« Je suis un éternel insatisfait. » « J’ai tout pour être heureuse, et pourtant je ne suis pas satisfaite. »… Si cela peut vous aider à déculpabiliser, l’insatisfaction chronique est un des problèmes les plus courants sur lequel nous, les coachs, travaillons avec nos clients !

L’insatisfaction chronique : c’est grave, docteur ?

Le sentiment d’insatisfaction est un mal qui touche de nombreuses personnes, au moins à un moment dans leur existence.

Même après avoir atteint ses objectifs, on ne ressent pas de joie particulière. Telle Emma Bovary, on ne parvient pas à apprécier le présent, on regrette parfois le passé et on appréhende le futur.

Bien sûr, passer à l’action est l’un des meilleurs moyens pour vaincre l’insatisfaction… Mais c’est plus facile à dire qu’à faire ! Sans parler de la confusion émotionnelle qu’entraîne ce type de ressenti.

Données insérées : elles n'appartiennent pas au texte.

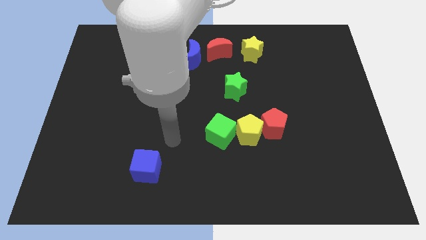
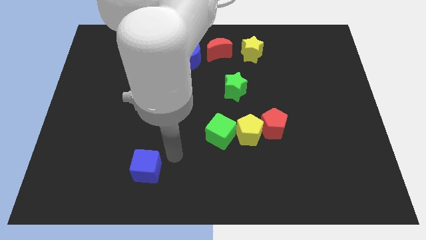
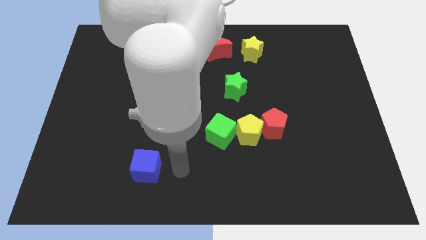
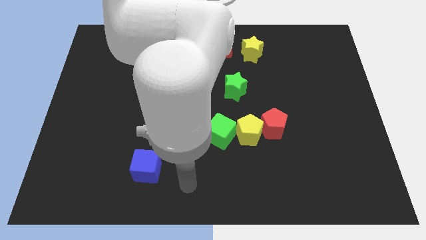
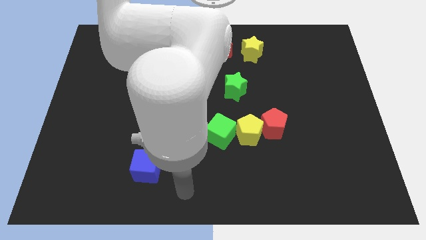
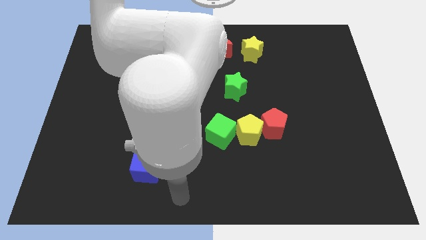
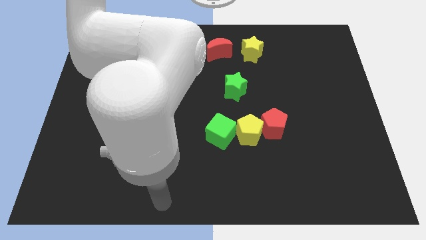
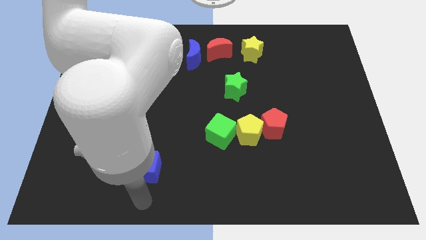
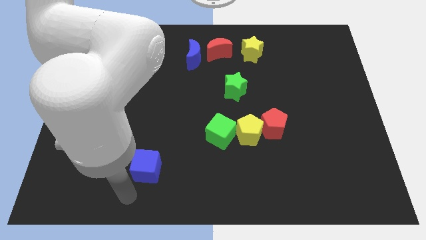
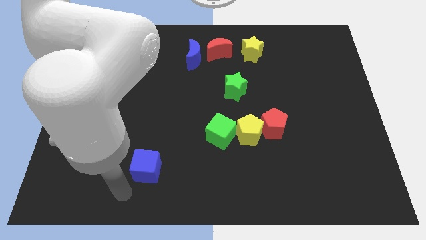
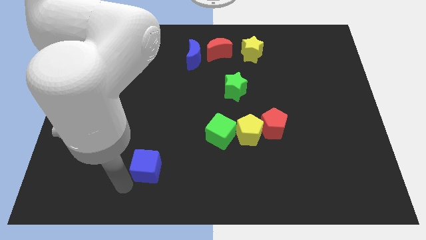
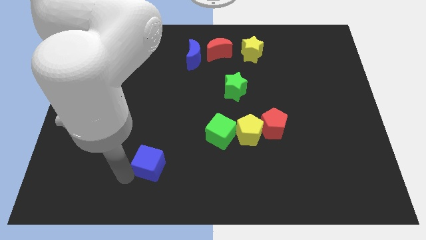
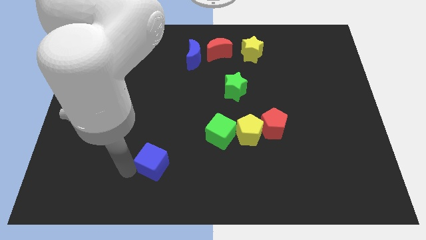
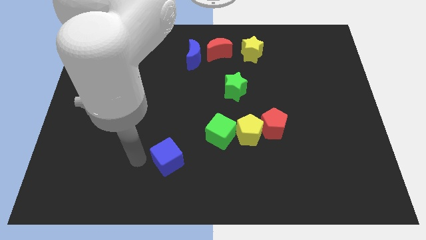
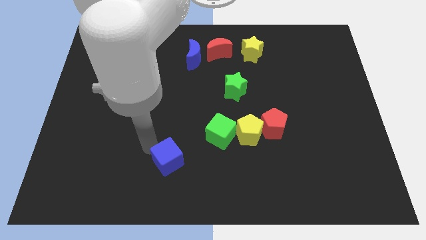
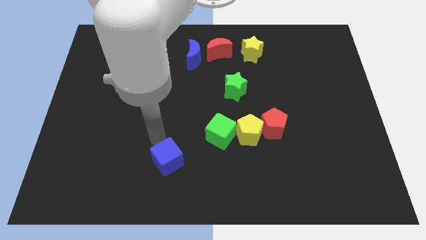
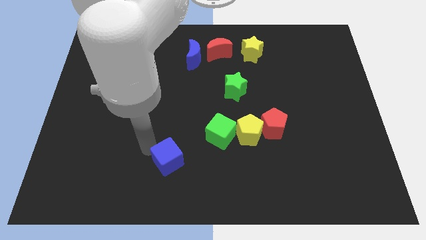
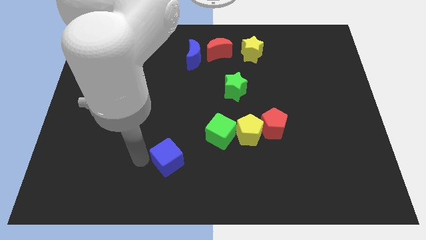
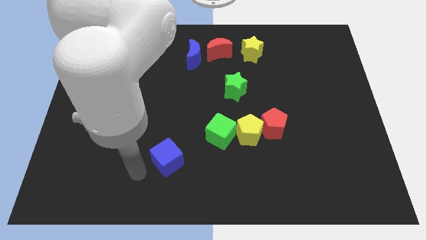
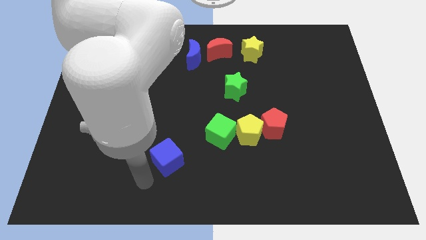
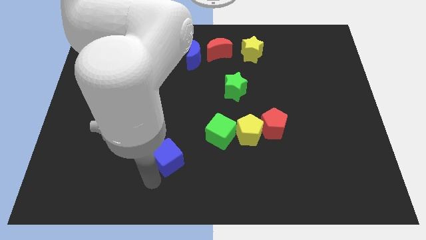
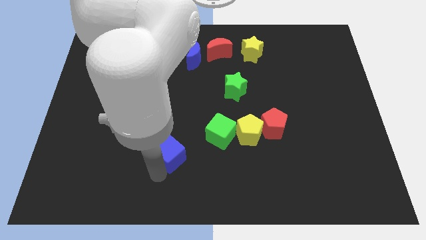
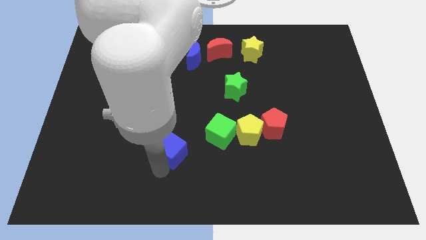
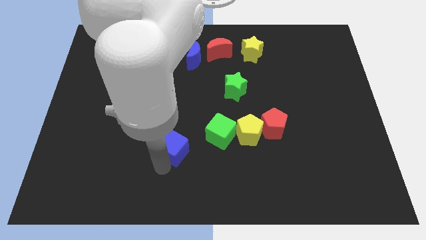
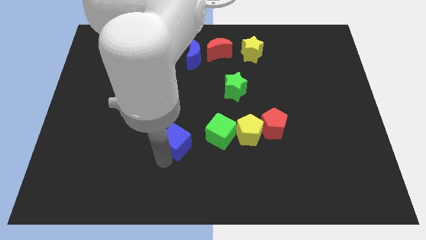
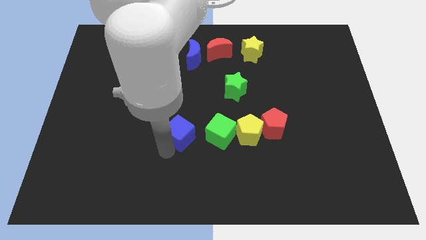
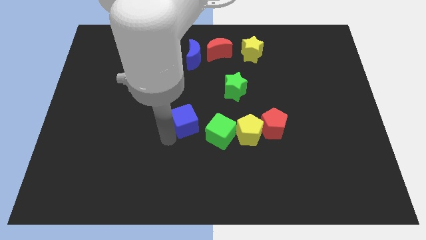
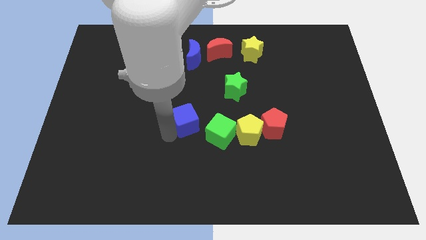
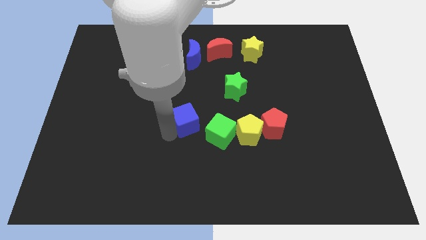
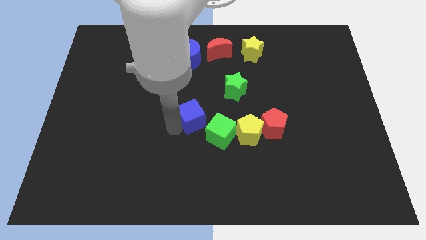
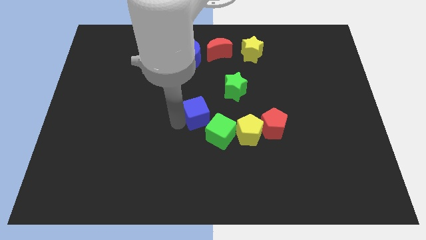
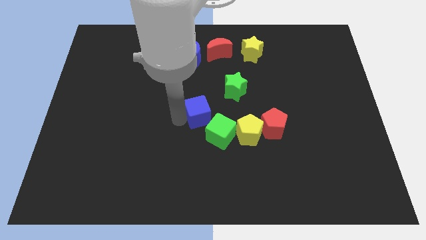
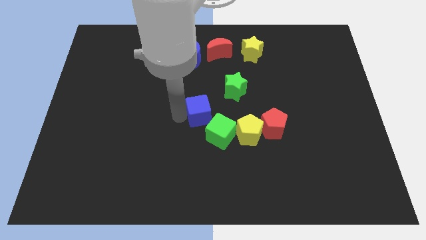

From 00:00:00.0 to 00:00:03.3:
move the blue cube slightly towards the center of the board

Dans cet article, je vous propose 3 pistes de réflexion pour vous aider à identifier votre sentiment ainsi que la bonne manière d’y réagir en fonction de votre situation :

  • Quand le sentiment d’insatisfaction vient des critiques des autres
  • Quand le sentiment d’insatisfaction vient de soi
  • Quand le sentiment d’insatisfaction est seulement passager

Je vous invite à répondre à un certain nombre de questions pour vous, en considérant tous les aspects de la situation dans laquelle vous vous trouvez.

éternel insatisfait

1. On me reproche d’être un éternel insatisfait

On vous reproche parfois d’être un éternel insatisfait ?

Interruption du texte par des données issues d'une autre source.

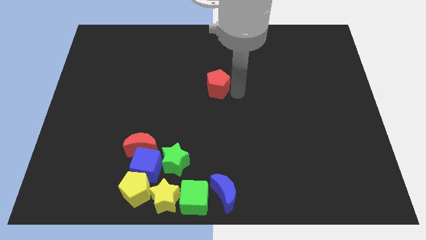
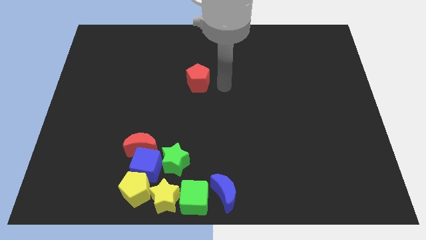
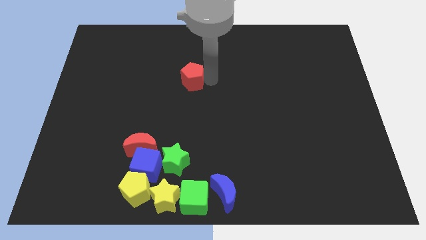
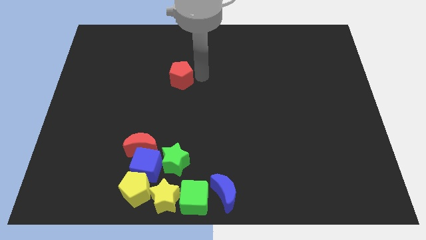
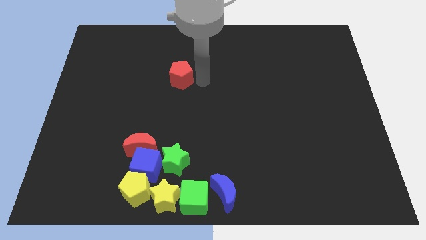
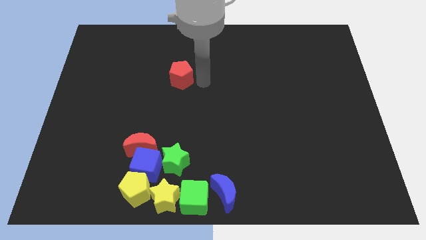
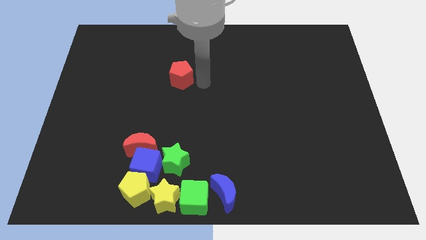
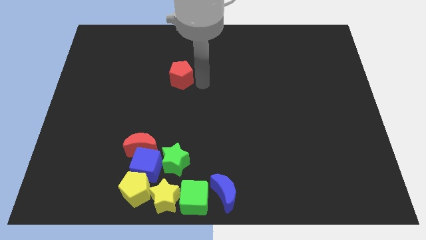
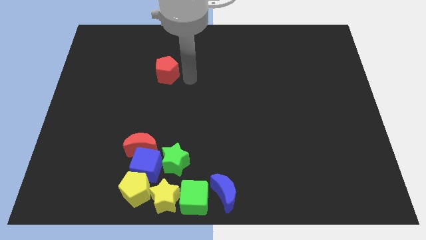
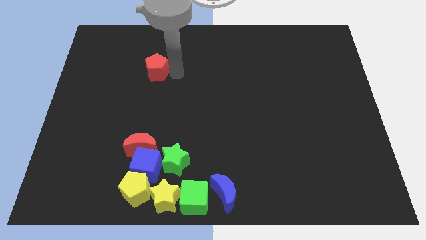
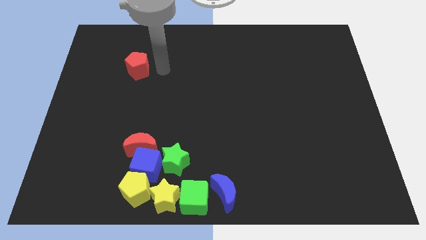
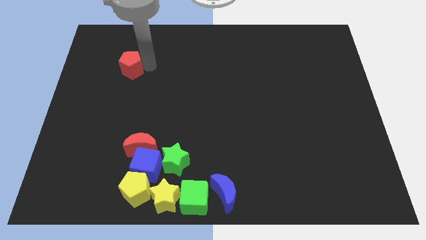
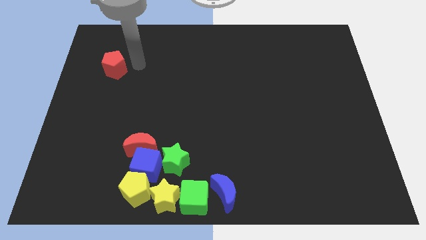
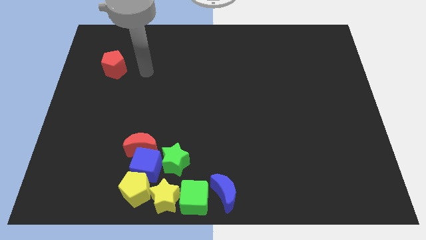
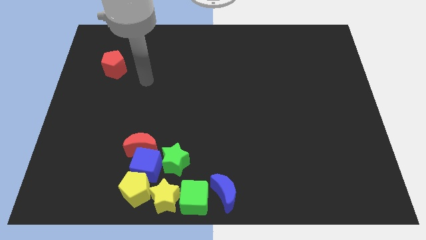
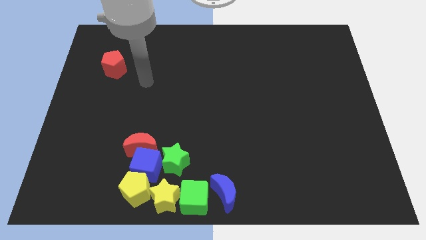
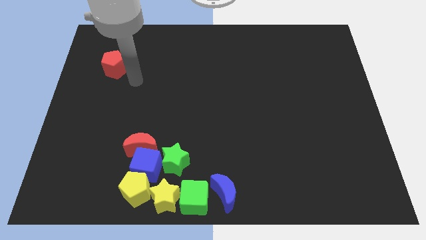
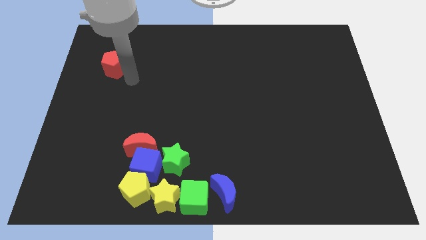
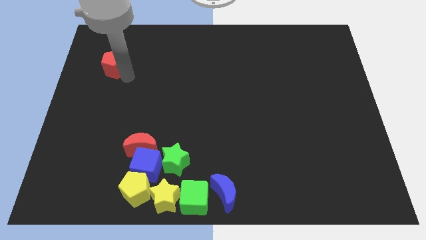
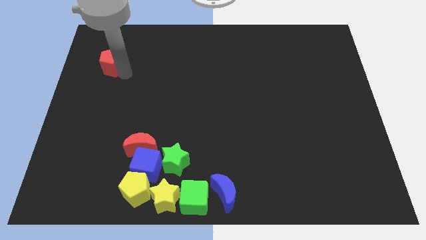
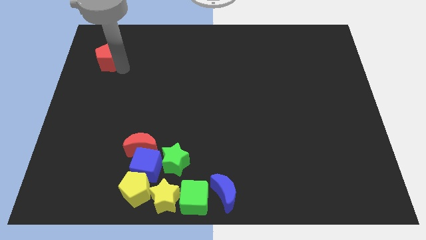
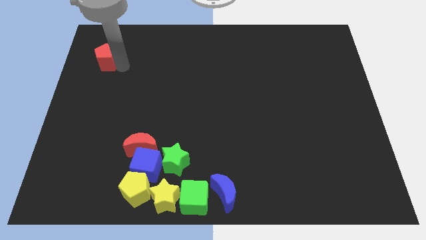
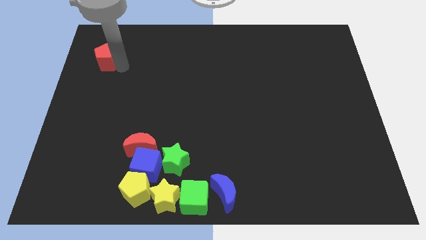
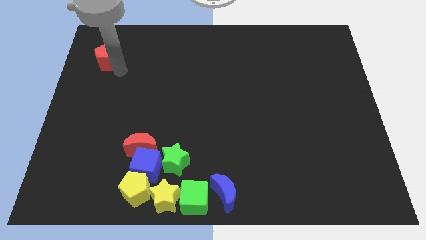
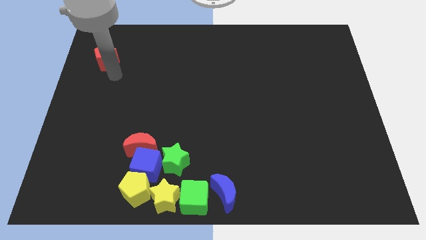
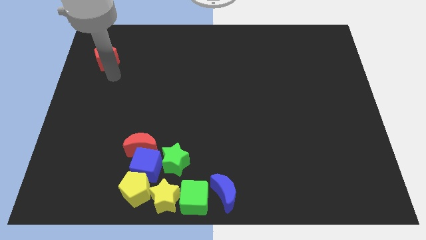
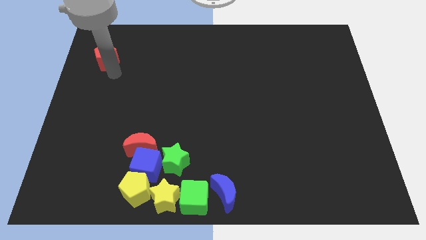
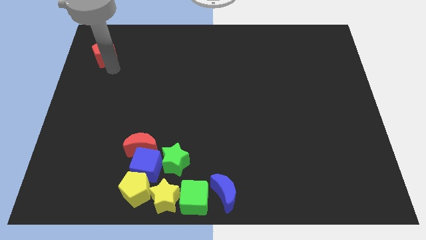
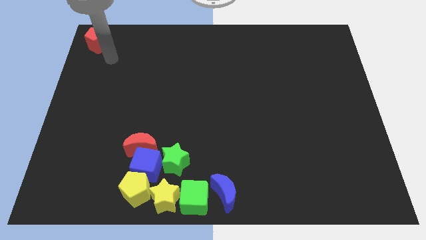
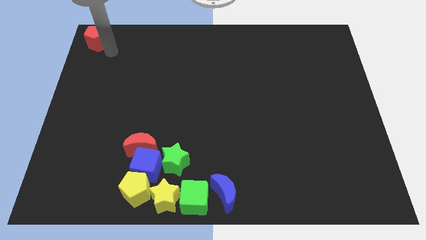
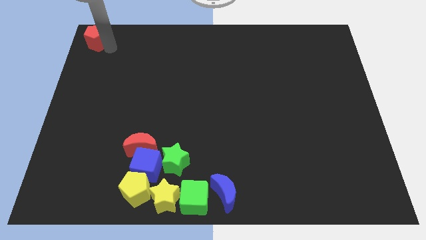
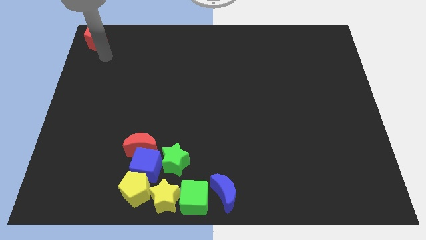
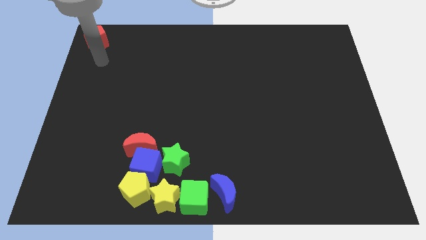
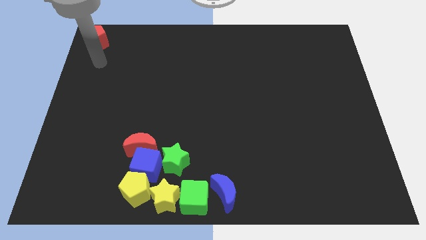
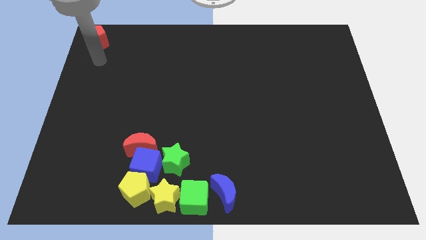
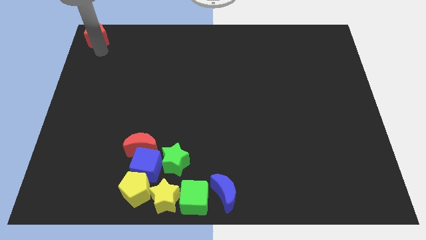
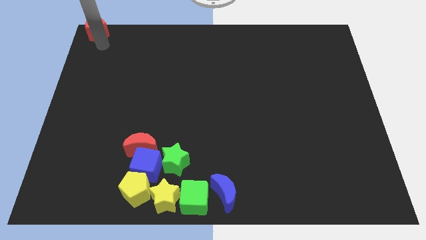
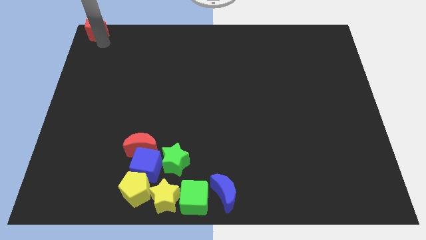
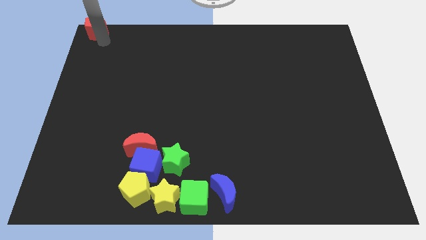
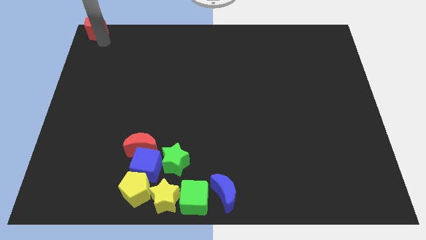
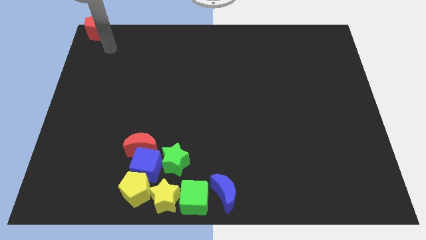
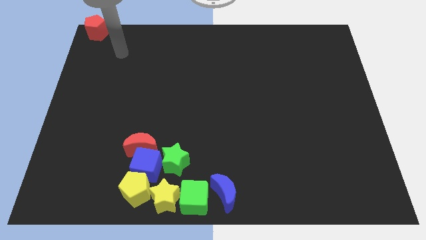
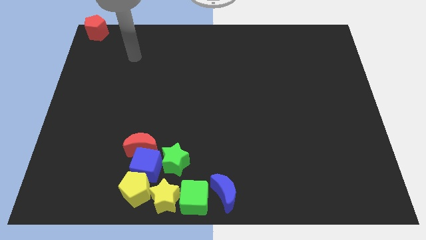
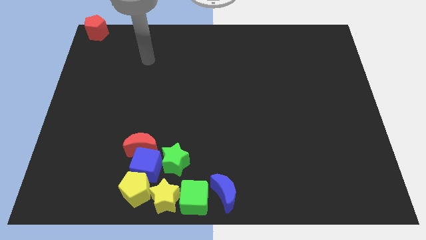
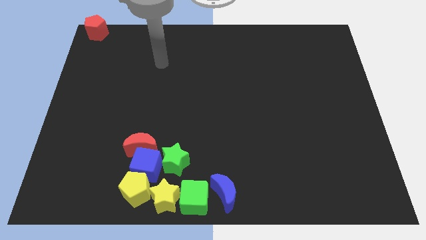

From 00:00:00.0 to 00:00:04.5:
place the red pentagon at the top left corner

Déjà, commencez par vous poser la question : Est-ce que c’est vraiment vous que cette critique concerne ?

Tout au long de ma vie, on me l’a reproché. Aujourd’hui, ça a plutôt tendance à me faire rire, car, comme toutes les critiques, elle en dit plus long sur celui qui la formule que sur moi.

Si quelqu’un nous traite d’éternel insatisfait, c’est que, quelque part, c’est lui qui serait plus satisfait si nous, nous étions plus satisfaits…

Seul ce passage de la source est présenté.